Task requirements:
The expected answer is every line of the material that contains the word "serif".

Data records:
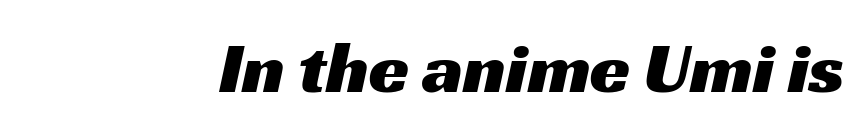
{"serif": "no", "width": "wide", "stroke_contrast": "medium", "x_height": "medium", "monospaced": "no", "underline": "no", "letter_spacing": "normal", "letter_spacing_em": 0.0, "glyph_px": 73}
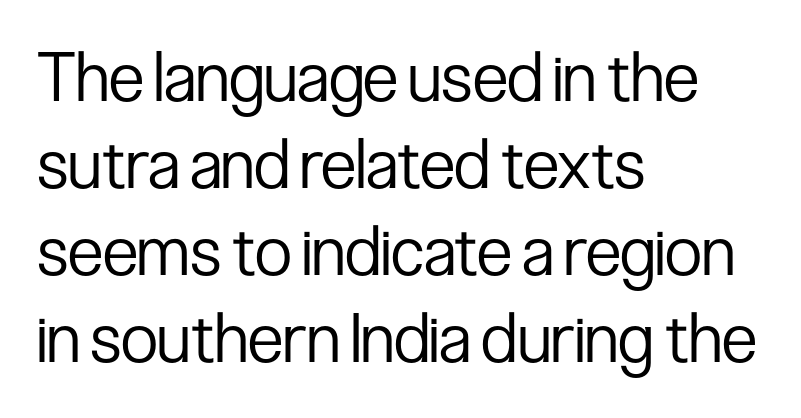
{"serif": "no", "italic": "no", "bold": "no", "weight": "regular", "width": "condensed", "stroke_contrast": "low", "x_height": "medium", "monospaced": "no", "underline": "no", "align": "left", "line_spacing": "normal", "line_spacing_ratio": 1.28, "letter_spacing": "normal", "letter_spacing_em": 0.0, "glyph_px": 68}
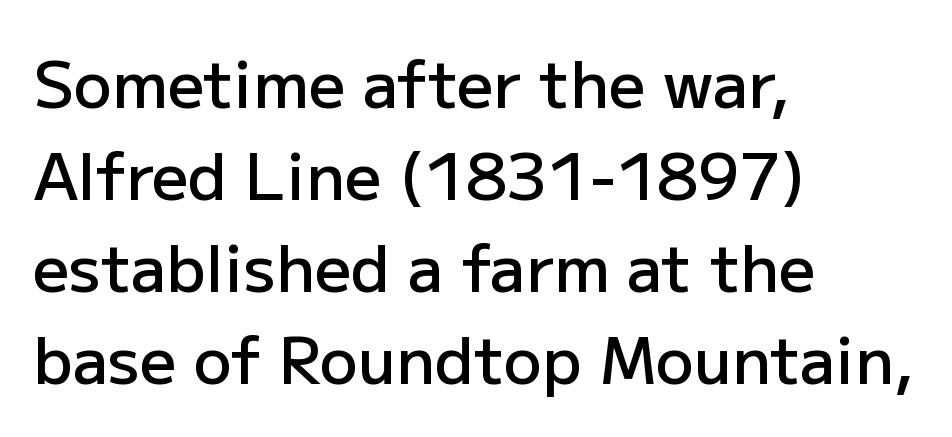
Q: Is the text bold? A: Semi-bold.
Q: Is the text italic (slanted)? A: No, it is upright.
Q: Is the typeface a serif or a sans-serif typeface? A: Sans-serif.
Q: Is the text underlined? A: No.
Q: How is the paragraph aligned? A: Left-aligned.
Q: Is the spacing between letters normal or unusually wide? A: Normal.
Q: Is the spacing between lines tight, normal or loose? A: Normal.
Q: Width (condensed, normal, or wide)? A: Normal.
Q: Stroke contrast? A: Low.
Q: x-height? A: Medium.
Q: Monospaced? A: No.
---
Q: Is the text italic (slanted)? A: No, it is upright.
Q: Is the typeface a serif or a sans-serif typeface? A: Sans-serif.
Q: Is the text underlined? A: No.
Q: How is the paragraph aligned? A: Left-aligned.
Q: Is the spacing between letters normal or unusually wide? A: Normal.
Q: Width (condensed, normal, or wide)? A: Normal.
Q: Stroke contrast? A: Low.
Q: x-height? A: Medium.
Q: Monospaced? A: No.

Output below:
{"serif": "no", "width": "wide", "stroke_contrast": "medium", "x_height": "medium", "monospaced": "no", "underline": "no", "letter_spacing": "normal", "letter_spacing_em": 0.0, "glyph_px": 73}
{"serif": "no", "italic": "no", "bold": "no", "weight": "regular", "width": "condensed", "stroke_contrast": "low", "x_height": "medium", "monospaced": "no", "underline": "no", "align": "left", "line_spacing": "normal", "line_spacing_ratio": 1.28, "letter_spacing": "normal", "letter_spacing_em": 0.0, "glyph_px": 68}
Q: Is the typeface a serif or a sans-serif typeface? A: Sans-serif.
Q: Is the typeface a serif or a sans-serif typeface? A: Sans-serif.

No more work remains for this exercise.